В один из дней они сидели на пляже и играли в карты. Жёны были без верха, в одних крохотных трусиках. Каждый муж, держа в руке карты, поверх них поглядывал между ног чужой жены. У женщин были полуразведены колени, и у каждой из трусиков вылезало по нескольку волосков. У мужей из-за этого члены поудлинялись, ещё не до состояния полной готовности, но достаточно явно. Это не прошло мимо внимания жён, которые утешали себя тем, что, быть может, каждая из них является причиной возбуждения своего мужа, а если и нет, то результат этого возбуждения достанется всё-таки ей.
Парочки со старательным увлечением играли в карты, но мысли и чувства их были, конечно, далеко от игры. Мужей одолевали, как всегда, идентичные мысли, которые сводились к следующему удручающе-ошеломляющему откровению: «Вот у моей жены вылезают волоски из трусиков, и меня это абсолютно не волнует, а вот у чужой жены вылезают волосики, и мне не оторвать глаз и хочется содрать эти проклятые трусики и хотя бы посмотреть на эту неизвестную пизду, не говоря уже о всём прочем».
И жёны в конце концов стали мыслить в лад, отчётливо видя очертания членов и даже края их головок. «Как же так, я хочу этого чужого мне мужчину, к которому я совершенно безразлична?

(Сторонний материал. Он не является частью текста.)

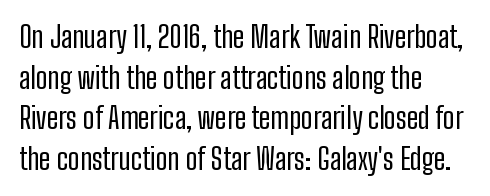
The image shows 29 px regular-weight, condensed sans-serif type, upright; set left-aligned, normal line spacing (1.4x), normal letter spacing, not underlined; low stroke contrast and a medium x-height.
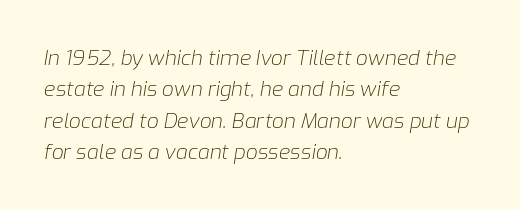
The image shows 21 px text type, italic (leaning right); set left-aligned, normal line spacing (1.5x), normal letter spacing, not underlined.
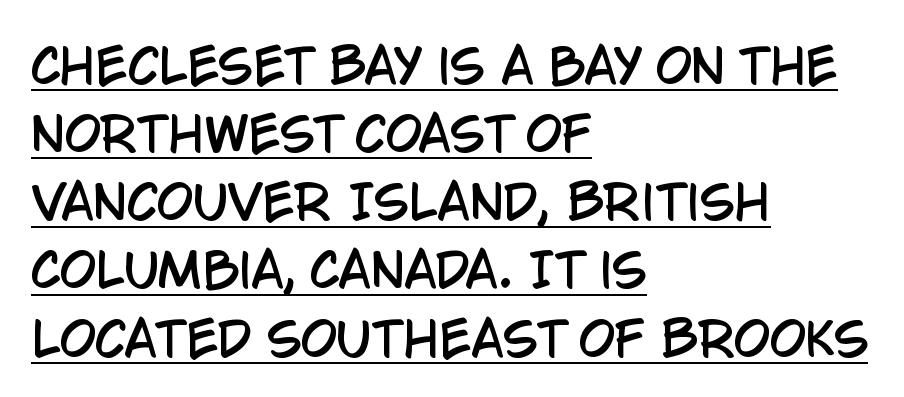
{"serif": "no", "italic": "no", "width": "condensed", "stroke_contrast": "low", "x_height": "large", "monospaced": "no", "underline": "yes", "align": "left", "line_spacing": "normal", "line_spacing_ratio": 1.45, "letter_spacing": "normal", "letter_spacing_em": 0.0, "glyph_px": 47}

Хочу больше, чем моего мужа, отца моих детей, за которого я бы отдала жизнь», – думали жёны, в отличие от своих мужей, для которых эта мысль не имела довлеющего значения.
– Как же можно не возжелать жену ближнего своего? Если бы Христос был мужчиной, у него не повернулся бы язык сказать такое, – не это ли лучшее доказательство его божественного происхождения?
Эта фраза, вырвавшаяся у первого мужа, заставила всех замолчать, а жёны виновато сомкнули колени. Второй муж очнулся через секунду и продолжил мысль:
– Христос бы мог хотя бы сказать: «Возжелав жену ближнего своего, не следуй своему желанию…» Но он-то знал, что это уже станет невозможным, – и это ещё раз доказывает его божественную прозорливость.
Жёны тревожно и трепетно переглянулись.
– У нас что, библейская школа открылась? – попыталась обратить всё в шутку первая жена.
– Два миссионера приехали на дикий остров Таити, – пришла ей на помощь вторая, и все расхохотались. Жёны чуть ослабили сжатость колен.